By: Staff Writer
July 23, 2024
Panama’s government has begun to take concrete steps to deal with the migrant crisis through the infamously treacherous Darien Gap and some of it involves deportation and another involves implementing barbed wire.
Panama’s government expects to start deportation flights for migrants who crossed the country’s dangerous Darien jungle in two to three months, the country’s chief of migration Roger Mojica said Friday.
The flights will be paid by the United States under a recent agreement that the two countries closed earlier this month.
“We are establishing the needs, equipment and requirements that Panama has to face in order to start the program, and we are in conversations with the United States,” Mojica said during a conference call. “We estimate we should be able to start the process in two to three months.”

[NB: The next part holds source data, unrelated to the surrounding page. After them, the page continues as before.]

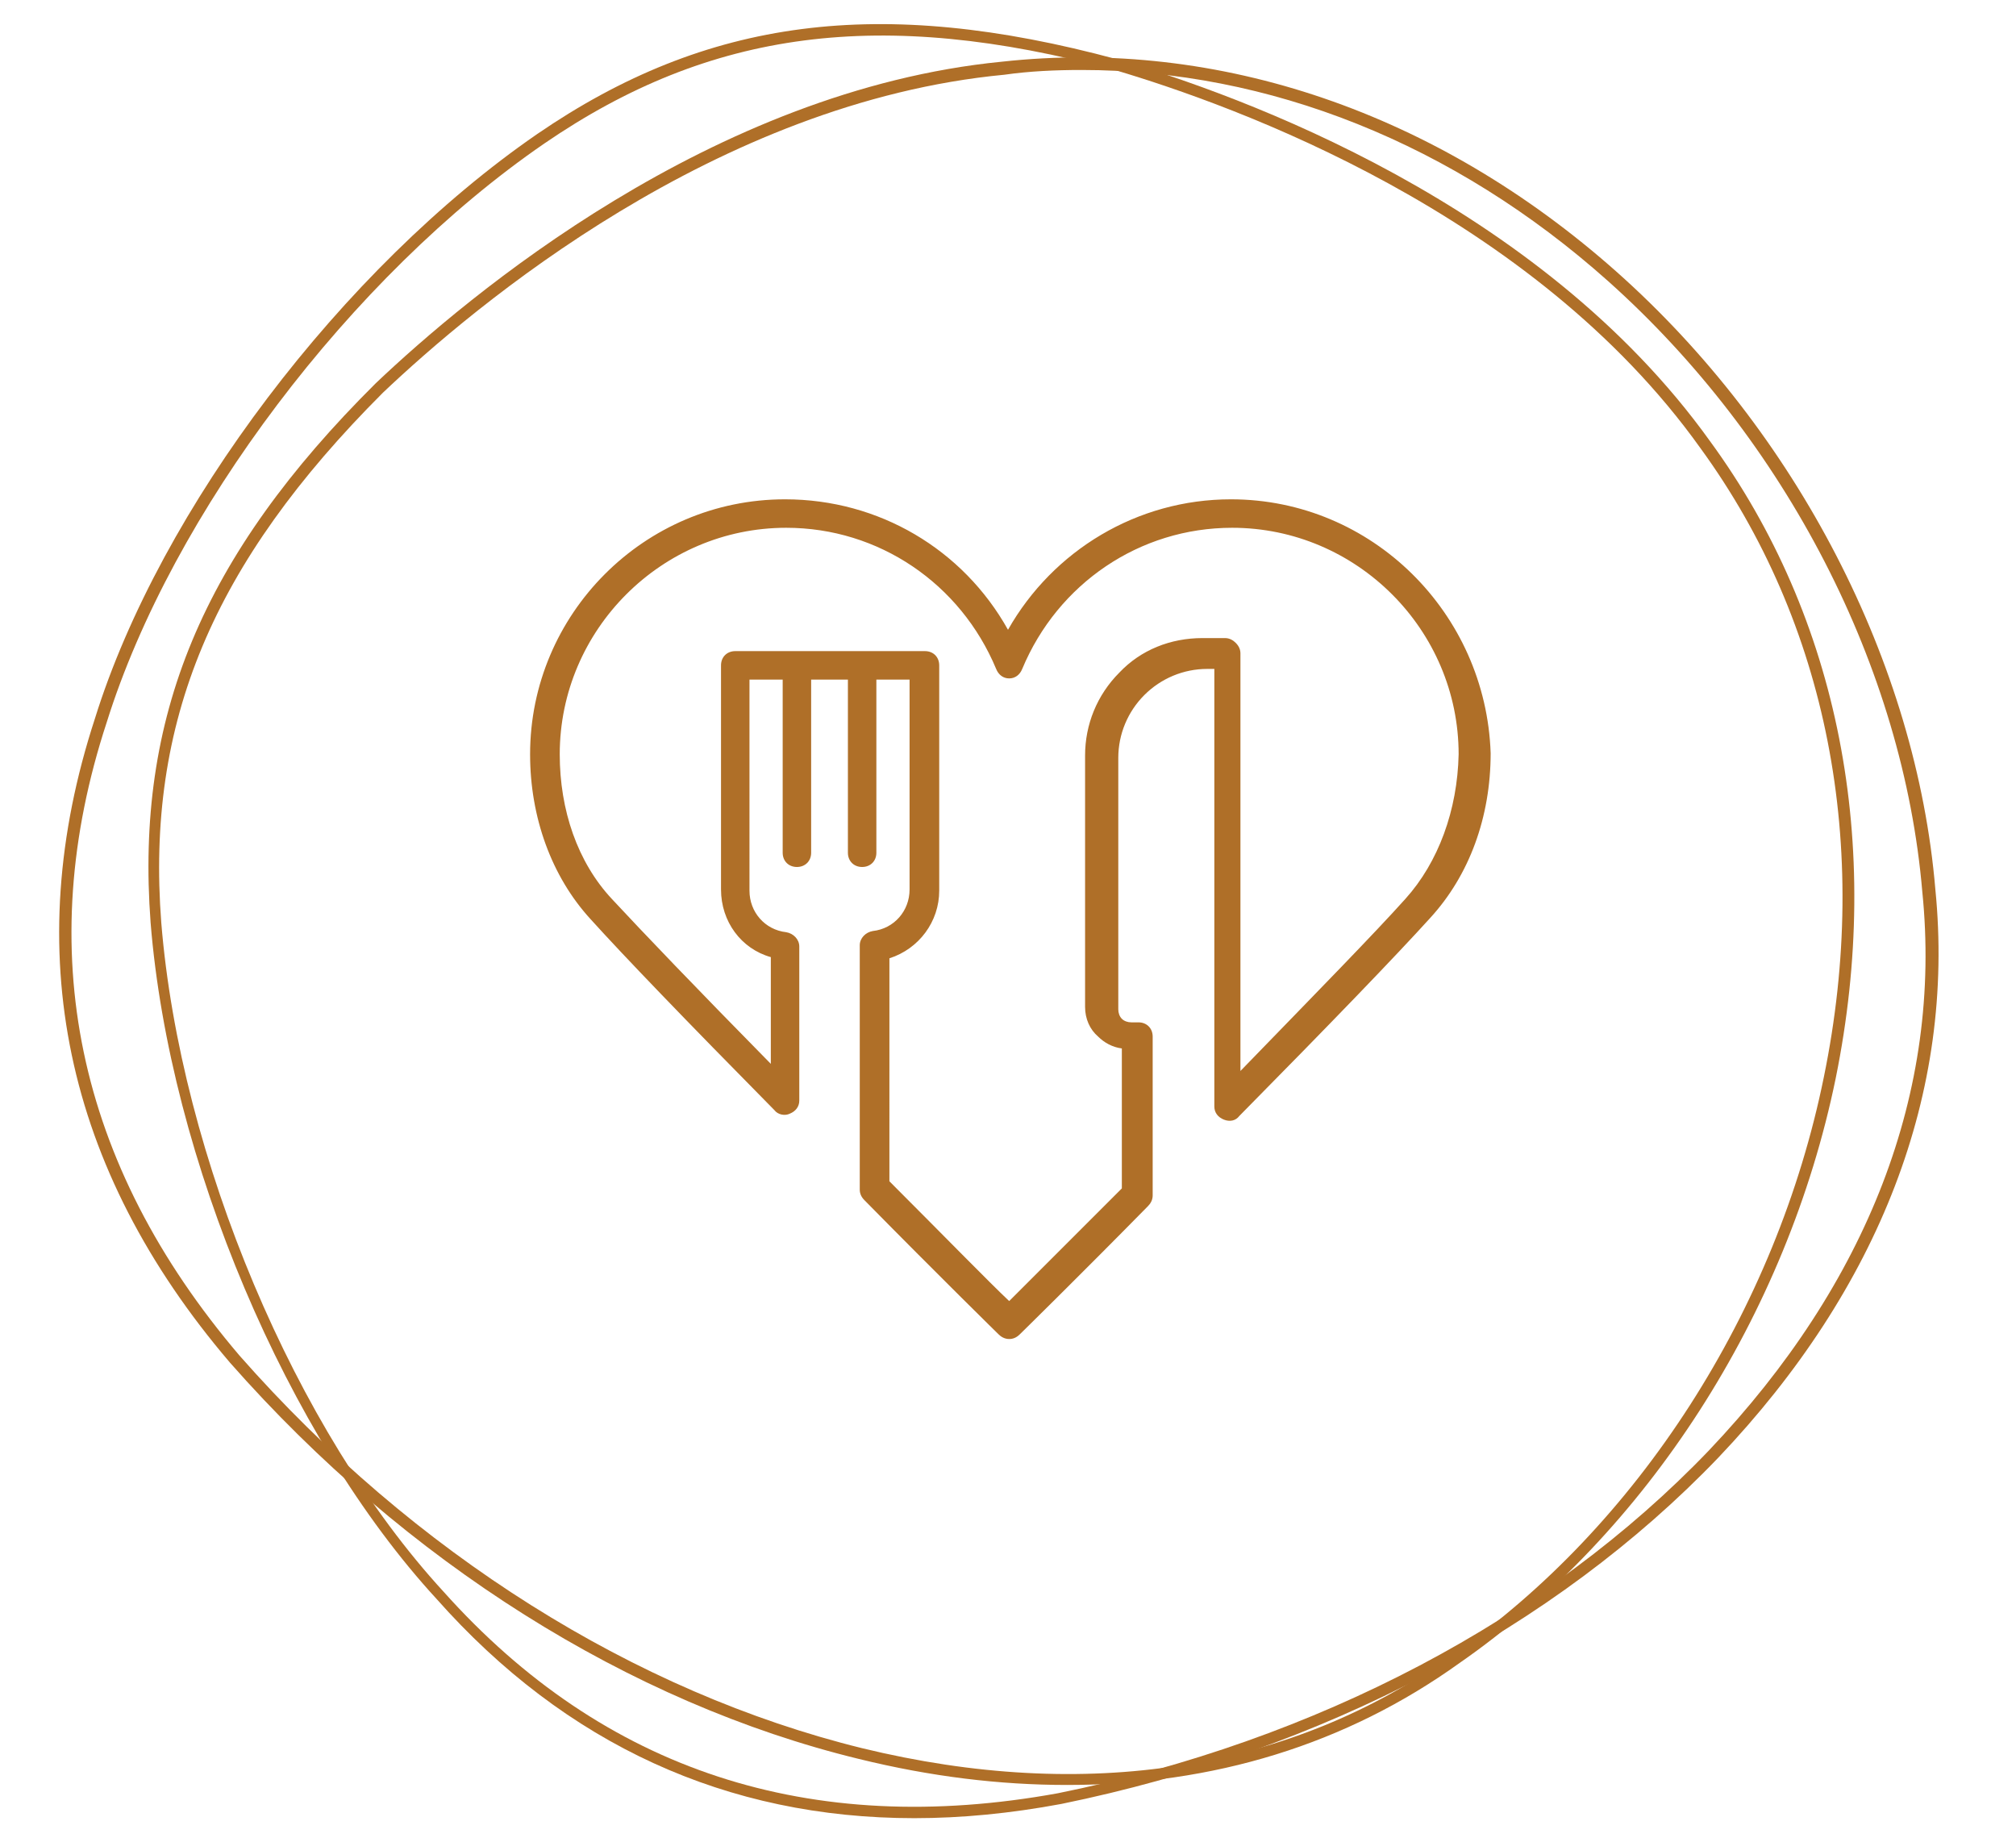 <?xml version="1.0" encoding="utf-8"?>
<!-- Generator: Adobe Illustrator 25.0.0, SVG Export Plug-In . SVG Version: 6.00 Build 0)  -->
<svg version="1.1" id="Livello_1" xmlns="http://www.w3.org/2000/svg" xmlns:xlink="http://www.w3.org/1999/xlink" x="0px" y="0px"
	 viewBox="0 0 170 155" style="enable-background:new 0 0 170 155;" xml:space="preserve">
<style type="text/css">
	.st0{fill:#AF6F28;}
</style>
<g id="Product-Page">
	<g id="Cerchio_Icona">
		<g id="Ellipse-1313-Copy-4">
			<g>
				<path class="st0" d="M77.1,153.3c-15.8,0-29.4-6.2-40.3-18.5c-12.6-13.7-22.5-37.1-24.1-57c-1.3-17.3,4.3-30.9,19-45.5
					C39.4,25,60,7.6,84.5,5.2c18.3-2,36.7,4.3,51.8,17.7c15.2,13.5,25.3,33,26.9,52.1c1.7,17.1-4.7,33.6-18.3,47.9
					c-13.8,14.4-33.4,24.7-55.4,29.2C85.2,152.9,81.1,153.3,77.1,153.3z M91.2,5.9c-2.2,0-4.4,0.1-6.5,0.4l0,0
					C60.4,8.6,40,25.8,32.3,33.1c-14.4,14.4-20,27.8-18.7,44.7c1.6,19.7,11.3,42.8,23.8,56.4c13.5,15.1,30.9,20.8,51.8,17
					c21.8-4.4,41.3-14.7,54.9-28.9c13.4-14.1,19.7-30.3,18-47.1c-1.6-18.9-11.5-38.1-26.5-51.5C122.6,12.1,107,5.9,91.2,5.9z"/>
			</g>
		</g>
		<g id="Ellipse-1313-copy-5">
			<g>
				<path class="st0" d="M90,150.5c-5.7,0-11.5-0.7-17.6-2.2c-19.3-4.7-38.2-16.6-53-33.4C5.4,98.5,1.6,80.2,8,60.6
					c5.5-17.7,20.9-38,37.3-49.3l0,0C59.6,1.5,74.2-0.4,94.2,5c10.3,3,35.6,12.1,50,32.2c10.9,14.9,14.6,34,10.6,53.7
					c-4.1,20-16,38.4-31.7,49.3C113.5,147.1,102.3,150.5,90,150.5z M45.9,12.1C29.6,23.3,14.5,43.3,9,60.9
					c-6.3,19.2-2.6,37.2,11.2,53.4c14.7,16.7,33.4,28.4,52.5,33.1c18.9,4.6,36.1,1.9,49.8-7.9c15.6-10.8,27.3-29,31.3-48.7
					c4-19.5,0.3-38.3-10.4-53C129.2,17.9,104.1,8.9,94,5.9C74.3,0.6,59.9,2.5,45.9,12.1L45.9,12.1z"/>
			</g>
		</g>
	</g>
</g>
<g>
	<path class="st0" d="M103.8,42.1c-7.9,0-15,4.3-18.8,11c-3.8-6.8-10.9-11-18.8-11c-11.9,0-21.5,9.7-21.5,21.5
		c0,5.3,1.8,10.3,5.1,13.9c2.8,3.1,8,8.5,15.5,16.1c0.3,0.4,0.9,0.5,1.3,0.3c0.5-0.2,0.8-0.6,0.8-1.1v-13c0-0.6-0.5-1.1-1.1-1.2
		c-1.8-0.2-3.1-1.7-3.1-3.5V57.3H66v14.6c0,0.7,0.5,1.2,1.2,1.2s1.2-0.5,1.2-1.2V57.3h3.1v14.6c0,0.7,0.5,1.2,1.2,1.2
		s1.2-0.5,1.2-1.2V57.3h2.8V75c0,1.8-1.3,3.3-3.1,3.5c-0.6,0.1-1.1,0.6-1.1,1.2v20.6c0,0.3,0.1,0.6,0.4,0.9
		c6.2,6.3,11.3,11.3,11.3,11.3c0.2,0.2,0.5,0.4,0.9,0.4c0.3,0,0.6-0.1,0.9-0.4c0,0,4.8-4.7,10.8-10.8c0.2-0.2,0.4-0.5,0.4-0.9V87.4
		c0-0.7-0.5-1.2-1.2-1.2h-0.6c-0.3,0-0.6-0.1-0.8-0.3c-0.2-0.2-0.3-0.5-0.3-0.8V63.9c0-2,0.8-3.9,2.2-5.3c1.4-1.4,3.3-2.2,5.3-2.2
		h0.6v36.9c0,0.5,0.3,0.9,0.8,1.1s1,0.1,1.3-0.3c7.8-7.9,13.2-13.5,16.1-16.7c3.3-3.6,5.1-8.5,5.1-13.9
		C125.3,51.7,115.7,42.1,103.8,42.1z M118.5,75.8c-2.6,2.9-7.3,7.7-13.9,14.5V55.1c0-0.3-0.1-0.6-0.4-0.9c-0.2-0.2-0.5-0.4-0.9-0.4
		h-1.9c-2.7,0-5.2,1-7,2.9c-1.9,1.9-2.9,4.4-2.9,7v21.2c0,1,0.4,1.9,1.1,2.5c0.5,0.5,1.2,0.9,2,1v11.8c-4.3,4.3-8,8-9.5,9.5
		c-1.7-1.6-5.5-5.5-10.1-10.1V80.8c2.5-0.8,4.2-3.1,4.2-5.7v-19c0-0.7-0.5-1.2-1.2-1.2H62c-0.7,0-1.2,0.5-1.2,1.2V75
		c0,2.7,1.7,5,4.2,5.7v9c-6.3-6.4-10.8-11.1-13.4-13.9c-2.9-3.1-4.4-7.5-4.4-12.2c0-10.5,8.6-19.1,19.1-19.1
		c7.8,0,14.7,4.7,17.7,11.9c0.2,0.5,0.6,0.8,1.1,0.8s0.9-0.3,1.1-0.8c3-7.2,9.9-11.9,17.7-11.9c10.5,0,19.1,8.6,19.1,19.1
		C122.9,68.3,121.3,72.7,118.5,75.8z"/>
</g>
</svg>

Meanwhile, Panama is also implementing barbed wire along the Darien Gap. Videos of the barbed-wire barriers appeared as early as June 27 in WhatsApp groups for people planning to migrate to the U.S., causing users to ask who was behind the move and if they could still get across the jungle. Since then, the Ministry of Public Security of the Republic of Panama has claimed responsibility for the new installations.
“The patrol at the national border service has begun to block the majority of border passages,” Panama’s minister of public security, Frank Abrego, said at a June 28 news conference during a visit to the Darien Gap.

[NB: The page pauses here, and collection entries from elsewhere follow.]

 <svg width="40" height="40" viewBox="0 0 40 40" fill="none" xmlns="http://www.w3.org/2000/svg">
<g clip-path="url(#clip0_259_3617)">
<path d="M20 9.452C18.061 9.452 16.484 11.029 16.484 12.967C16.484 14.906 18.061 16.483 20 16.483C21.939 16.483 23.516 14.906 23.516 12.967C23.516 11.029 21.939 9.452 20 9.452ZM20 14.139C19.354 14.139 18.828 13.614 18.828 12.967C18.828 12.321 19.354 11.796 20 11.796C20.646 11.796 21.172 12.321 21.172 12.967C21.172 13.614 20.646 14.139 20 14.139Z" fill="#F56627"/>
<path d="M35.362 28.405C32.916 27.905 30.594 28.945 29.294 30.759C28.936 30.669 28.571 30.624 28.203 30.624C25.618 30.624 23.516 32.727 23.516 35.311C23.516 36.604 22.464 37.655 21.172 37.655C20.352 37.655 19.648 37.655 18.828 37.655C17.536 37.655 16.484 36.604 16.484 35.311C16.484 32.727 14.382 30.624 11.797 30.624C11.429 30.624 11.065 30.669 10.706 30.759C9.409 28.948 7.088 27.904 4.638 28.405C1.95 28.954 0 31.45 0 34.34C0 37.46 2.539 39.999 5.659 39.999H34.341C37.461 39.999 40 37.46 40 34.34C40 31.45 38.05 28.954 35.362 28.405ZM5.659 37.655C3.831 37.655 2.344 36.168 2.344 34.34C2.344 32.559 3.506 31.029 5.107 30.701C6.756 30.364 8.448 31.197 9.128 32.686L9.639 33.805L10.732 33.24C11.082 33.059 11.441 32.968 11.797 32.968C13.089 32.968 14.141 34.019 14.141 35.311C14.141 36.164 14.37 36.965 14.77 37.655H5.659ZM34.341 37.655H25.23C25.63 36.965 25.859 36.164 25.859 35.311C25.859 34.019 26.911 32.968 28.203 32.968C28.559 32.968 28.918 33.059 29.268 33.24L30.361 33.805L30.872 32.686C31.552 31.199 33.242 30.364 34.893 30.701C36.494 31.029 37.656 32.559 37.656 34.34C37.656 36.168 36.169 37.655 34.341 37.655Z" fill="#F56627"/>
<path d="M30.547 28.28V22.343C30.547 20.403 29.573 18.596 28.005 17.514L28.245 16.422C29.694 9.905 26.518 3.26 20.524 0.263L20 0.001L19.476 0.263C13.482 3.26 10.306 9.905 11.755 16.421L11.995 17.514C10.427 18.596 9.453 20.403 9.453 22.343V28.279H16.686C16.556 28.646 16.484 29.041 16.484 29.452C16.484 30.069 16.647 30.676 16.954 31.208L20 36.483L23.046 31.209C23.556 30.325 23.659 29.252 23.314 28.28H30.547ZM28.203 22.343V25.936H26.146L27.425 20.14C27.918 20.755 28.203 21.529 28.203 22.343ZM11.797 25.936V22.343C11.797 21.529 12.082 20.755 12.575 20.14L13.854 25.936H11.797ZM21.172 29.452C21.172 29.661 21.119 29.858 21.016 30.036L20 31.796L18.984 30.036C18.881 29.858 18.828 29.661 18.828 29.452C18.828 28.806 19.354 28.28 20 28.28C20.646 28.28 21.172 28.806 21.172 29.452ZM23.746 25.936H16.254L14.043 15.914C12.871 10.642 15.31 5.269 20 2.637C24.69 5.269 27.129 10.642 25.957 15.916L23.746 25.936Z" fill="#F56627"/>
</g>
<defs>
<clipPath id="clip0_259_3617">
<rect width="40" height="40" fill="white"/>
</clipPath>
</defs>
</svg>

Abrego said that one passage will remain open and that migrants there must present a passport or another form of identification to Panamanian migration authorities. All this, he said, is an effort to manage the flow of people coming in and to prevent organized crime from entering Panamanian cities.
The president of Panama, Jose Raul Mulino, said the ongoing migrant crisis in the Western Hemisphere is a “United States problem,” adding deportation flights that are partly funded by the U.S. are only voluntary.
“This is a United States problem that we are managing,” Mulino said Thursday. “People don’t want to live here in Panama. They want to go to the United States.”
Panama is a key crossing area for migrants moving north as many move through the Darien Gap, a massive jungle crossing Panama and Colombia that serves as a pathway through Central America and toward the U.S.